AI is boring
doesn't it feel like everything "AI" is boring now?
obviously there's no way to prove this with hard data, since it's just about the vibe of it all. from text, to images, to music, to video, all of it just feels empty now.
…but it didn't always feel that way, did it? the first text-to-image models were blobby and ugly, but the resulting images were undeniably fascinating. when AI Dungeon hit the scene, it didn't take long for plenty of people to be engrossed by its world of non-sequitur. jump a few years to today, and everything made by these machine learning systems just feels boring and sanitized. it's just endless cascades of unwanted slop; made by no one, for no one.
i don't think this phenomenon is just a coincidence. after all, what does machine learning do? it creates a statistical model based off input data to suit a reward function. the better such a model is at suiting this goal, the more predictable and reliable its outputs will be. when something becomes reliable and predictable, it becomes boring.
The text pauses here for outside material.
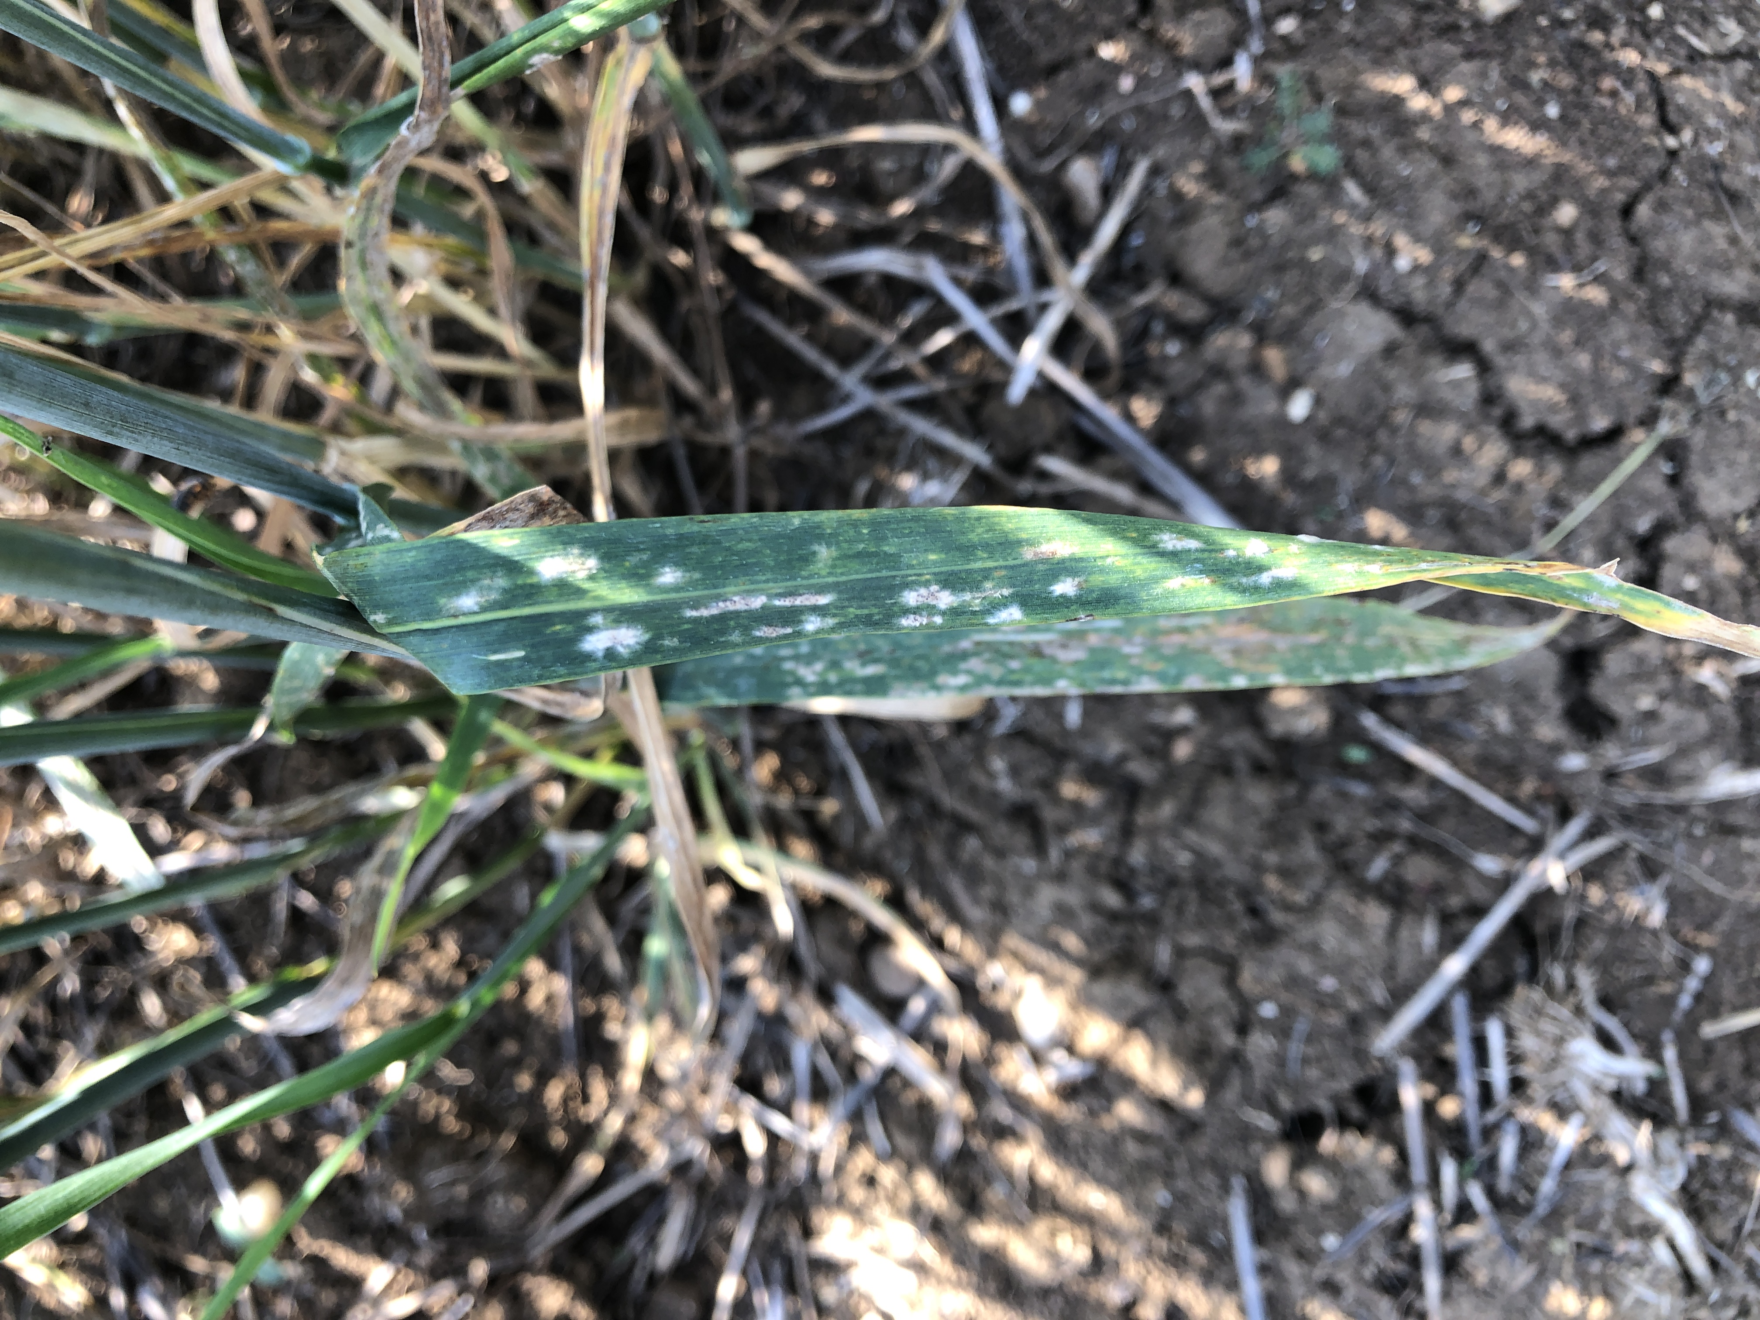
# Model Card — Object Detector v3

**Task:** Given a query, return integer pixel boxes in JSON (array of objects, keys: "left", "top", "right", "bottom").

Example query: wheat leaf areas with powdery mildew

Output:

in most applications, that isn't a problem. nobody wants their robot vacuum to suddenly get creative with how it cleans the floor, nor do you want a self-driving car to have fun with avoiding an obstacle. if anything, the more boring ML is, the more useful it is as a tool. why did we want — or even expect it — to suddenly start being creative in the first place?
tools are not capable of intent. the brush does not make paint into art, nor does the camera make film into art. under this assumption, it becomes apparent why automating the creation of what is supposed to be a creative work entirely inevitably leads to the output containing nothing of value. without an artist's vision, there cannot be creativity.
therefore, when used with intent, i believe ML-based tools can be used as tools to make art; but those who sit back and let the machine do all the work without even bothering to cherry-pick the final results aren't doing that. they're spammers, not artists. and who said artists wanted to make creating things easier, anyways? i find that good ideas are the hard part of making things, and putting those ideas into action comes naturally after.
a machine can make what it's told to,
only an artist can make what they want to.